Title
Where a taxpayer is falsely indicated on a tax payment notice, the disposition shall be null and void.
Summary
In a case where there is no need to go through a separate pre-trial procedure, and where a taxpayer is indicated differently from the facts in a tax notice, even if the taxpayer confirmed the tax disposition after the tax disposition, the defect in the tax disposition can not be cured, and thus, it is null and void.
The decision
The contents of the decision shall be the same as attached.
Text
1. As of May 18, 1991, the Defendant confirmed that the imposition of global income tax amounting to KRW 4,903,560 and the defense tax amounting to KRW 980,710 against the Plaintiff is null and void. 2. The litigation cost is assessed against the Defendant.
Reasons
1. If the statements Nos. 1, 2, and 3, and No. 4-1 and 2 show the whole purport of the pleading, the defendant can recognize the fact that the defendant determined the tax base and the amount of tax on global income from January 1, 1985 to March 15, 1985 by means of an estimated investigation and decision, and that the disposition of taxation stated in paragraph (1) of this Article was issued.
2. First, we examine this safety defense.
The defendant asserts that the plaintiff's request for review after the expiration of the period of the request for review even after receiving the notice of the tax disposition of this case, the plaintiff's lawsuit of this case is unlawful as it did not go through legitimate pre-trial
However, the plaintiff sought a judgment that the original taxation disposition was unlawful and revoked it, but it was also stated in the record that the plaintiff sought a judgment that confirmed the validity of the above taxation disposition on the third day of June 23, 1992. In this case, it is not necessary to go through the prior trial procedure prior to the filing of the lawsuit. Thus, the defendant's above assertion is groundless.
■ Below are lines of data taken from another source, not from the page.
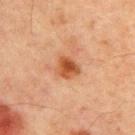An algorithmic analysis of the crop reported a border-irregularity rating of about 2.5/10, a color-variation rating of about 3.5/10, and radial color variation of about 1. It also reported a lesion-detection confidence of about 100/100.
Cropped from a total-body skin-imaging series; the visible field is about 15 mm.
The patient is a male approximately 65 years of age.
This is a cross-polarized tile.
Longest diameter approximately 2.5 mm.
Located on the chest.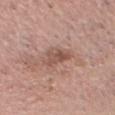Context:
A male patient about 60 years old. The lesion is located on the head or neck. Cropped from a total-body skin-imaging series; the visible field is about 15 mm.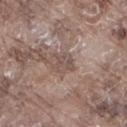The lesion was tiled from a total-body skin photograph and was not biopsied.
Imaged with white-light lighting.
Located on the right thigh.
Automated tile analysis of the lesion measured a footprint of about 5 mm², an outline eccentricity of about 0.5 (0 = round, 1 = elongated), and two-axis asymmetry of about 0.35. And it measured a mean CIELAB color near L≈50 a*≈16 b*≈22, roughly 8 lightness units darker than nearby skin, and a lesion-to-skin contrast of about 6 (normalized; higher = more distinct). It also reported a border-irregularity index near 4/10 and a color-variation rating of about 4/10. The software also gave a classifier nevus-likeness of about 0/100 and lesion-presence confidence of about 50/100.
The patient is a male about 75 years old.
A 15 mm crop from a total-body photograph taken for skin-cancer surveillance.
Measured at roughly 3 mm in maximum diameter.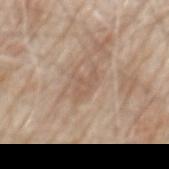<lesion>
  <biopsy_status>not biopsied; imaged during a skin examination</biopsy_status>
  <lighting>white-light</lighting>
  <patient>
    <sex>male</sex>
    <age_approx>80</age_approx>
  </patient>
  <image>
    <source>total-body photography crop</source>
    <field_of_view_mm>15</field_of_view_mm>
  </image>
  <site>mid back</site>
  <lesion_size>
    <long_diameter_mm_approx>3.5</long_diameter_mm_approx>
  </lesion_size>
</lesion>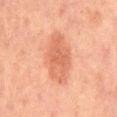- subject: male, approximately 65 years of age
- anatomic site: the abdomen
- imaging modality: ~15 mm crop, total-body skin-cancer survey
- size: ≈7.5 mm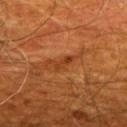This lesion was catalogued during total-body skin photography and was not selected for biopsy. On the upper back. A 15 mm crop from a total-body photograph taken for skin-cancer surveillance. A male subject approximately 60 years of age.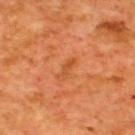{"biopsy_status": "not biopsied; imaged during a skin examination", "lighting": "cross-polarized", "image": {"source": "total-body photography crop", "field_of_view_mm": 15}, "site": "upper back", "patient": {"sex": "male", "age_approx": 65}}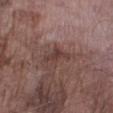Clinical impression: Imaged during a routine full-body skin examination; the lesion was not biopsied and no histopathology is available. Context: Approximately 4 mm at its widest. Cropped from a total-body skin-imaging series; the visible field is about 15 mm. Imaged with white-light lighting. From the right lower leg. The lesion-visualizer software estimated a border-irregularity rating of about 5.5/10, internal color variation of about 2 on a 0–10 scale, and a peripheral color-asymmetry measure near 1. The analysis additionally found a nevus-likeness score of about 0/100. A male patient, approximately 75 years of age.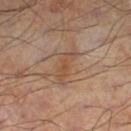biopsy_status: not biopsied; imaged during a skin examination
image:
  source: total-body photography crop
  field_of_view_mm: 15
lesion_size:
  long_diameter_mm_approx: 4.5
site: left lower leg
lighting: cross-polarized
automated_metrics:
  nevus_likeness_0_100: 0
  lesion_detection_confidence_0_100: 100
patient:
  sex: male
  age_approx: 55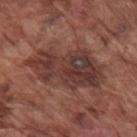| key | value |
|---|---|
| follow-up | total-body-photography surveillance lesion; no biopsy |
| image source | 15 mm crop, total-body photography |
| illumination | white-light illumination |
| subject | male, aged 73 to 77 |
| size | about 9 mm |
| location | the right upper arm |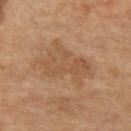Part of a total-body skin-imaging series; this lesion was reviewed on a skin check and was not flagged for biopsy. Located on the left thigh. A 15 mm crop from a total-body photograph taken for skin-cancer surveillance. The patient is a female approximately 55 years of age.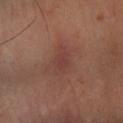| feature | finding |
|---|---|
| biopsy status | no biopsy performed (imaged during a skin exam) |
| location | the arm |
| lesion diameter | ≈3.5 mm |
| subject | aged 63–67 |
| image source | 15 mm crop, total-body photography |
| TBP lesion metrics | a lesion area of about 5.5 mm², an eccentricity of roughly 0.85, and two-axis asymmetry of about 0.3; a nevus-likeness score of about 0/100 |
| tile lighting | cross-polarized illumination |

3.For the following merits:
First of all, the plaintiff asserts that the tax disposition in this case by the defendant is void as it is reasonable because there is a defect different from the fact of the taxpayer's indication in the tax disposition, and its defect is significant and obvious.
그러므로 살피건대, 갑제2호증의 3, 갑제4호증의 2, 갑제5, 6호증, 갑제11호증의 1,2의 각 기재에 변론의 전취지를 보태어 보면, 피고는 납세고지서에 의하여 이 사건 과세처분을 함에 있어서 그 납세고지서에 납세의무자를 표시하면서 성명은 원고를 기재하였으나 납세자번호(주민등록번호)와 주소는 원고와 아무런 관계 없는 소외 윤ㅇㅇ의 것을 기재하여 원고에게 송달한 사실을 인정할 수 있는바, 위 인정사실에 의하면 피고가 이 사건 과세처분을 함에 있어서 납세고지서에 납세의무자를 잘못 표시한 그 하자는 중대하고도 외관상 명백하다 할 것이어서 피고의 이 사건 과세처분은 당연무효라고 할 것이므로, 원고의 위 주장은 이유 있다.
On the other hand, the defendant visited the tax authority several times prior to the issuance of the tax disposition in this case, and confirmed the contents of the tax disposition, and even after the defective tax disposition, the tax authority found the tax disposition again on May 22, 191 and did not raise any objection after confirming the contents of the tax disposition against the plaintiff. Thus, the above tax disposition defects in the tax disposition in this case were cured.
However, even if the plaintiff's assertion is identical to the plaintiff's assertion, the above argument alone cannot be viewed as cured of the defect in the tax payment notice, in light of the strongness of Article 9 of the National Tax Collection Act regarding the tax payment notice. Further, the defect in the grounds for invalidation of the tax payment notice can not be cured by the ex post facto correction, etc.
4. If so, the plaintiff's claim of this case seeking the confirmation of the defendant's taxation of this case is legitimate because the defendant's legal interest in seeking the confirmation exists, without any need to decide on the remainder of the plaintiff's assertion, and it is so decided as per Disposition by the assent of all participating Justices.